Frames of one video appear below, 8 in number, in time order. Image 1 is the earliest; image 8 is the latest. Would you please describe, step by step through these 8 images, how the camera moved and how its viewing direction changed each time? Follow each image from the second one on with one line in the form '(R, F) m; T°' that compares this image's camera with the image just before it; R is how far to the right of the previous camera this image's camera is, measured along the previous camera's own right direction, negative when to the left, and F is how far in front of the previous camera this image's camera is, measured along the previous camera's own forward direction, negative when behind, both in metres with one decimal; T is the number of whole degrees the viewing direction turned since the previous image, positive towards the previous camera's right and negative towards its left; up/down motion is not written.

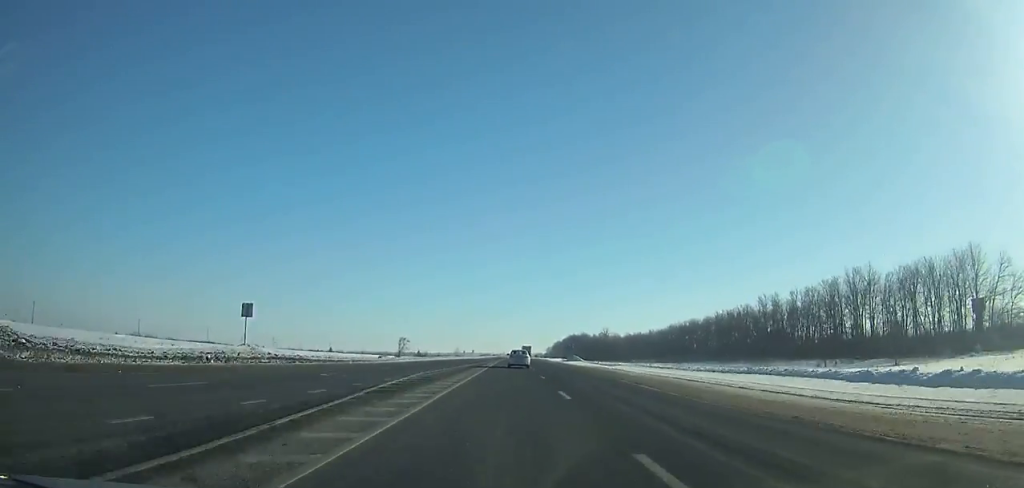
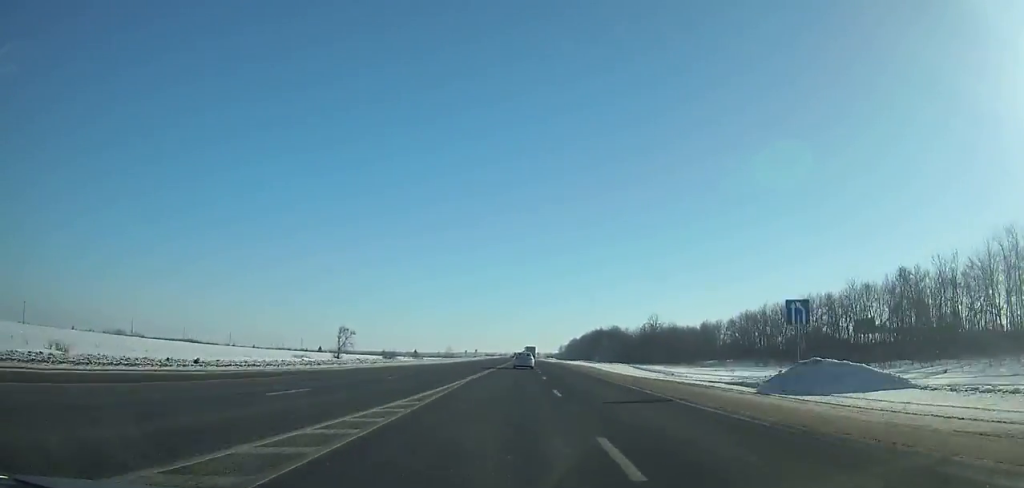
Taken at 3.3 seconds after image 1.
(-0.3, +83.2) m; 0°
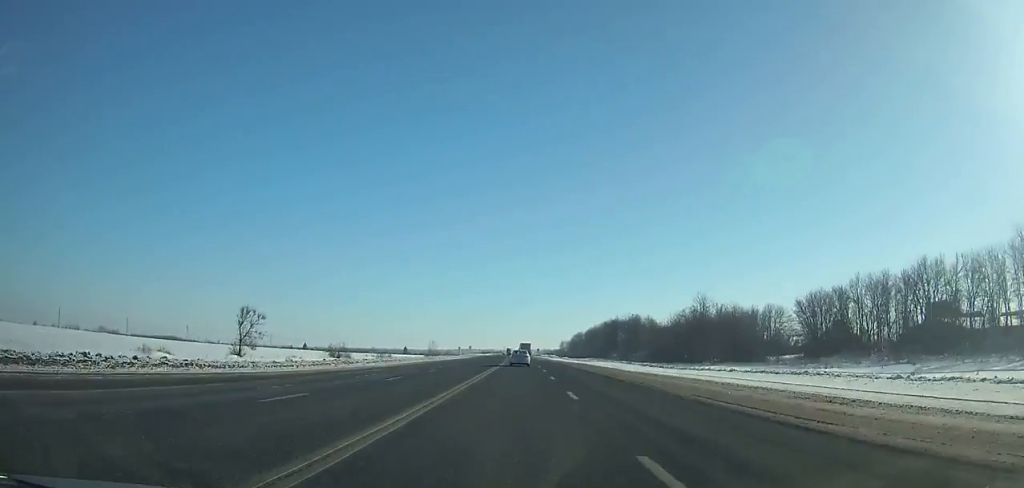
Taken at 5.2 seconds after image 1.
(-0.1, +48.9) m; 0°
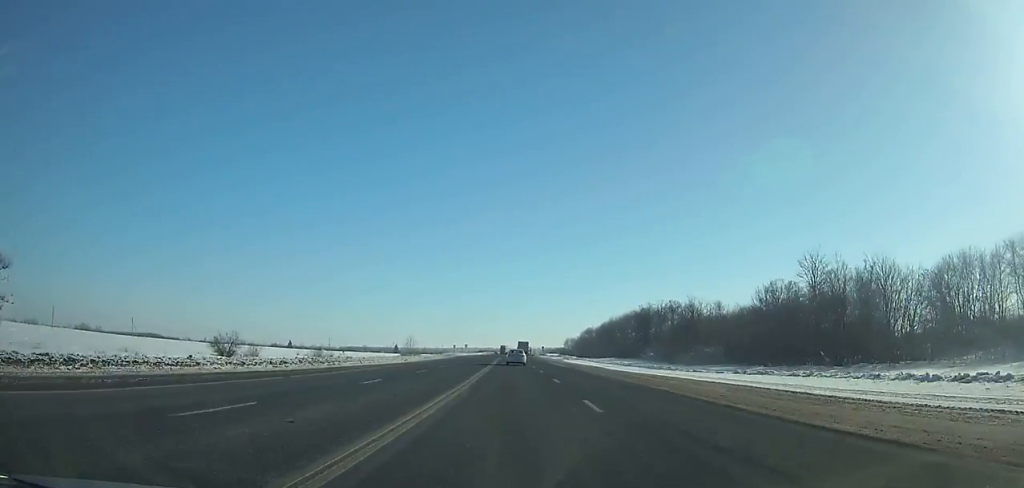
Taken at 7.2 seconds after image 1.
(-0.1, +52.2) m; 0°
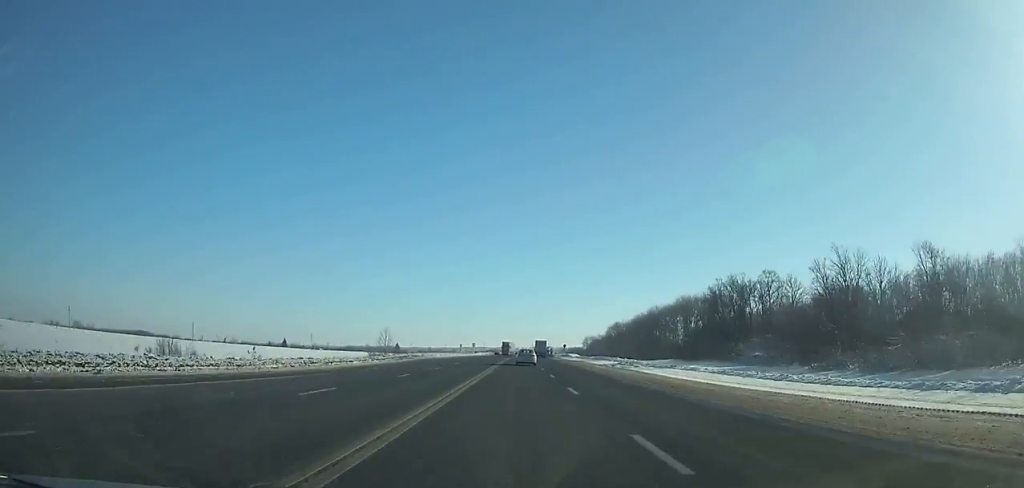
■ ■ ■ ■
▶ [YOUR GOAL]: Nothing but the lines from the one containing "Taken at 3.3 seconds after image 1." through the last line of the listing should be copied, each word for word and without pictures.

▶ [SOLUTION FOR THIS TASK]:
Taken at 3.3 seconds after image 1.
(-0.3, +83.2) m; 0°
Taken at 5.2 seconds after image 1.
(-0.1, +48.9) m; 0°
Taken at 7.2 seconds after image 1.
(-0.1, +52.2) m; 0°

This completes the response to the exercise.